I can’t stand biased or inconsistent people, which everyone has and is. It is probably my biggest pet peeve after not getting refills quickly at restaurants for drinks. You have no idea how hard I try to see everything from all sides. It drives even me nuts at times, but the benefits can be great.



My point in bringing up the sex parties was not to say they are wrong, but to say that the bigots feel the same way about those parties as they do about drag in general and kids interacting with queer adults in any way.

Part of your reply was people will make a big deal about it and it could even go national. My point was those people that make it a big deal are usually not taken seriously. At least by the majority any more.



Now with that said, the board decided to change up how everything is done next year. The current President just wants a lot of paid entertainers, so as of now it wont really be that interactive with attendees on a stage for really any reason. That may change though.
 
So they work for the government? I'm sorry they couldn't find honest jobs, but how does that keep them from being bold?

I'd be interested, but the PPP (Portland Pink Pistols) is in a bit of disarray just now: our long-time fearless leader had to step down for personal and economic reasons, and our three biggest organizer types besides him are having their own troubles in this economy (and one with the city, which suddenly decided that changes to his property made two owners earlier before a certain law was passed have to be undone to conform with current law, in spite of the fact that that's against the law; it's cost him $12k so far and no end in sight).

I don’t think they want to stick out to much. I don’t know how it works, but not including 2009, none of us was on the board. The members of the board then did not do/keep paper work that the board is required to have by state, county and city law. It is thought if the IRS audited the non profit that the non profit would be shut down. On top of that some of these people are well known around here. I think there may be some personal embarrassment if the non profit gets pegged with anything while they serve on the board of it. I also just think they like it low key and non wild. Its something we talked about a bit tonight


As for the Portland Pink Pistols keep in mind this is planning for August, 7th 2010. If you or the Portland Pink Pistols wanted in, there is time to organize on your end while we do the same.

To be honest though I don’t know how the others feel about guns, but I know I would take issue if they didn’t allow your group a booth. Anyways I think different ideas being shown is a great thing for PRIDE events.
 
There shouldn't be any trophies in the first place. The only prizes should be ribbons awarded to anyone who earns them, ribbons covering all the different things one needs to get right to do drag well.

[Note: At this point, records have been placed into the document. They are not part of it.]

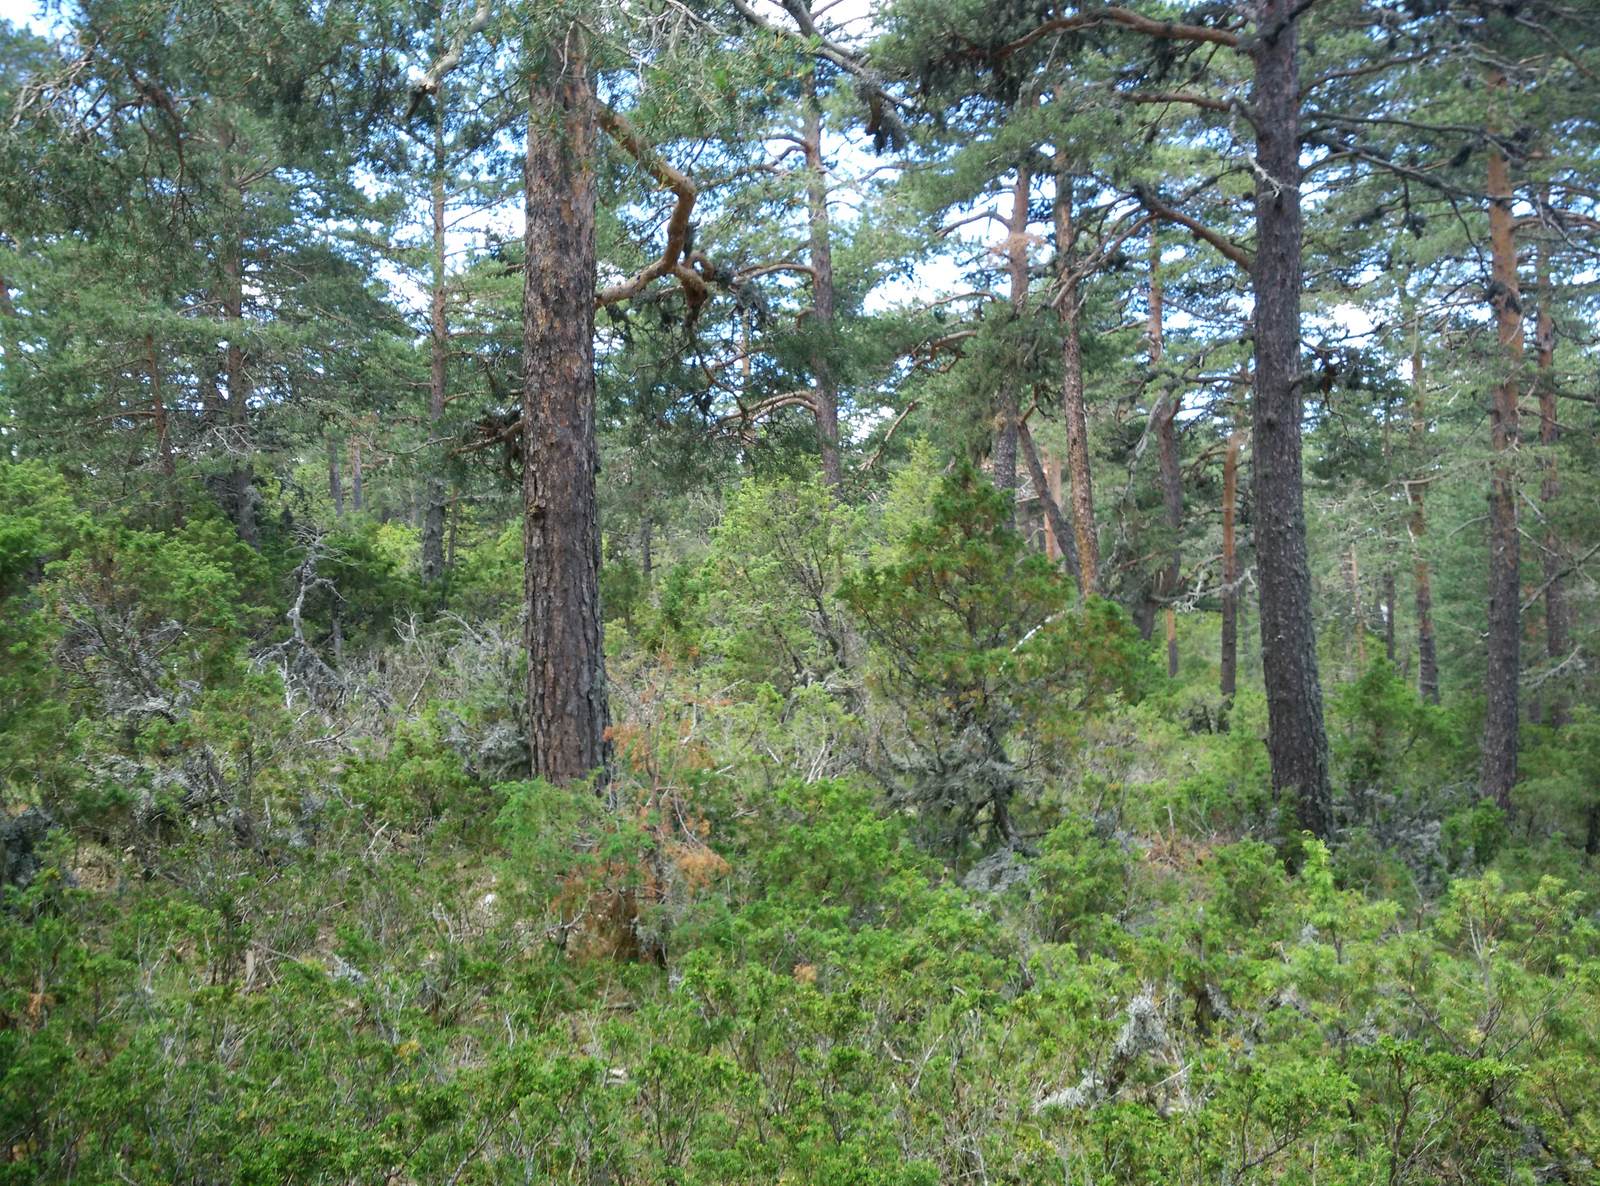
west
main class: Woodland
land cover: Pine dominated coniferous woodland
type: coniferous forest of the mediterranean region
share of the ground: 10 - 25 %
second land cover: Shrubland without tree cover
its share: 10 - 25 %
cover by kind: unconsolidated bare surface 45 %, coniferous forest trees 20 %, shrubs 20 %, herbaceous plants 10 %, lichens and mosses 5 %
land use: Forestry
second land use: Agriculture (excluding fallow land and kitchen gardens)
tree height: > 5 m
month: June
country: ES
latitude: 40.4591
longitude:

In the spirit of the event, make them hair ribbons. :D

As I wrote in post 90 it doesn’t matter any more right now.


I do want to say though that our event really only gets a couple 10 to 13 year olds. And about a dozen 16 to 20 year olds. If they got anything I am sure it would be a gag gift and all would get something. Also even if the board said okay to a drag show for kids there would be a good chance it still wouldn’t happen if the ones that asked for it didn’t show up on the day of PRIDE. Even vendors that pay to attend don’t show up quite a bit.
 
I think it in nature isn't kid friendly. I don't think anyone that isn't of legal age should be pressured into any sexual decisions which includes decisions on their sexuality. Its just my opinion... Maybe its just because I would enjoy it more if it was more adult...

Just because a kid goes to a PRIDE event doesn't mean anyone is trying to change them in any way.